Table 6 Model performances for RMSE and NRMSD

Practical application

The algorithm described in this paper integrates the decision support system—DSS-FS Fertigation Simulator (Moreira Barradas et al. 2012). Data from farms where the DSS-FS software was used as the primary consulting system has been analysed. The results were presented by (Moreira Barradas et al. 2014a, b) proving this system to be user-friendly and a valuable tool to increase production in considerable amounts, saving 20–30% in input factors and energy as reported by the majority of users (Moreira Barradas et al. 2014a, b).

Sustainability

The effects of fertigation using the DSS-FS Fertigation Simulator on soil health parameters were also assessed by Moreira Barradas et al. (2014a, b). Physicochemical properties of a Haplic Chernozem soil were measured while applying fertigation in natural grassland during the growing season in a hemiboreal climate with irrigation management based on the DSS-FS model. There has been no evidence of soil degradation in any of the parameters where this study was focused. This does not imply that the use of other methods to estimate resulting EC (namely the empirical relation proposed by the USDA) is harmful. Nevertheless, the proposed methodology introduces a more accurate technique integrating an algorithm also able to formulate customized nutritive solutions.

Conclusion

Using a simple correlation factor (0.64 as the most commonly used value) shows the null hypothesis rejected after analysis of variance (ANOVA) with also a considerable high RMSE result (RMSE = 1.632; NRMSD = 0.3479).

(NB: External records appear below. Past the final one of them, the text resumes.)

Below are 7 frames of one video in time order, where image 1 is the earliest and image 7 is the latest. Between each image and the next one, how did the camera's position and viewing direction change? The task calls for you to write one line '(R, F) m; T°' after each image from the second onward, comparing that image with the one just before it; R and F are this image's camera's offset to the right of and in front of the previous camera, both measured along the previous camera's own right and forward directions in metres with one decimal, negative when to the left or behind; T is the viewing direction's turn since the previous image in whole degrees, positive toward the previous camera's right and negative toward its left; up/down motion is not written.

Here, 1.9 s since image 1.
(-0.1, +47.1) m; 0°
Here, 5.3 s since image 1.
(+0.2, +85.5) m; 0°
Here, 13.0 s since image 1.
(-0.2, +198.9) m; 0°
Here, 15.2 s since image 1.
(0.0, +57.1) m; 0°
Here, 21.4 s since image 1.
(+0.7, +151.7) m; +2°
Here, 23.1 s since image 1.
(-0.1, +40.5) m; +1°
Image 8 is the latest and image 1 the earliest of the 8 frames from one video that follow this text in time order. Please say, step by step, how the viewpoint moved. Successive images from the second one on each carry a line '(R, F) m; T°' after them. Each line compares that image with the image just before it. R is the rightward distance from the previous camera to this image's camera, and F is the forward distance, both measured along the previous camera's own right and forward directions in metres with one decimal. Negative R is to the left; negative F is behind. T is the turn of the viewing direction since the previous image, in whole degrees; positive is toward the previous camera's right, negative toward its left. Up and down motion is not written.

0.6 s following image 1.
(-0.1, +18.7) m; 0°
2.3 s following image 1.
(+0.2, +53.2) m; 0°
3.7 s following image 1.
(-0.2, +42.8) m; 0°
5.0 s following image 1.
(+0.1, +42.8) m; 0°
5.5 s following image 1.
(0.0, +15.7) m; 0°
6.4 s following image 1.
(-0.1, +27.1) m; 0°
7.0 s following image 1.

Equation 8 (proposed in this work) is an empirical solution with a considerable level of accuracy and precision (R2 = 0.9982; ANOVA—acceptance of null hypothesis for an interval of confidence of 95%; RMSE = 0.054; NRMSD = 0.0115), that is particularly interesting to be used when relating EC to mass concentration. It also shows itself a convenient solution when operating non-pure electrolytes (fertilizers) where reassessment of individual coefficients aa, a, b and c might be a necessity from time to time.

Therefore, the algorithm proposed in Fig. 5 integrating Eq. 8 has been demonstrated as an extraordinary tool (when integrating DSS) to formulate nutritive solutions having a specified value of EC and a desired nutrient ratio according to an array NS[1:N] of available fertilizers (Table 5).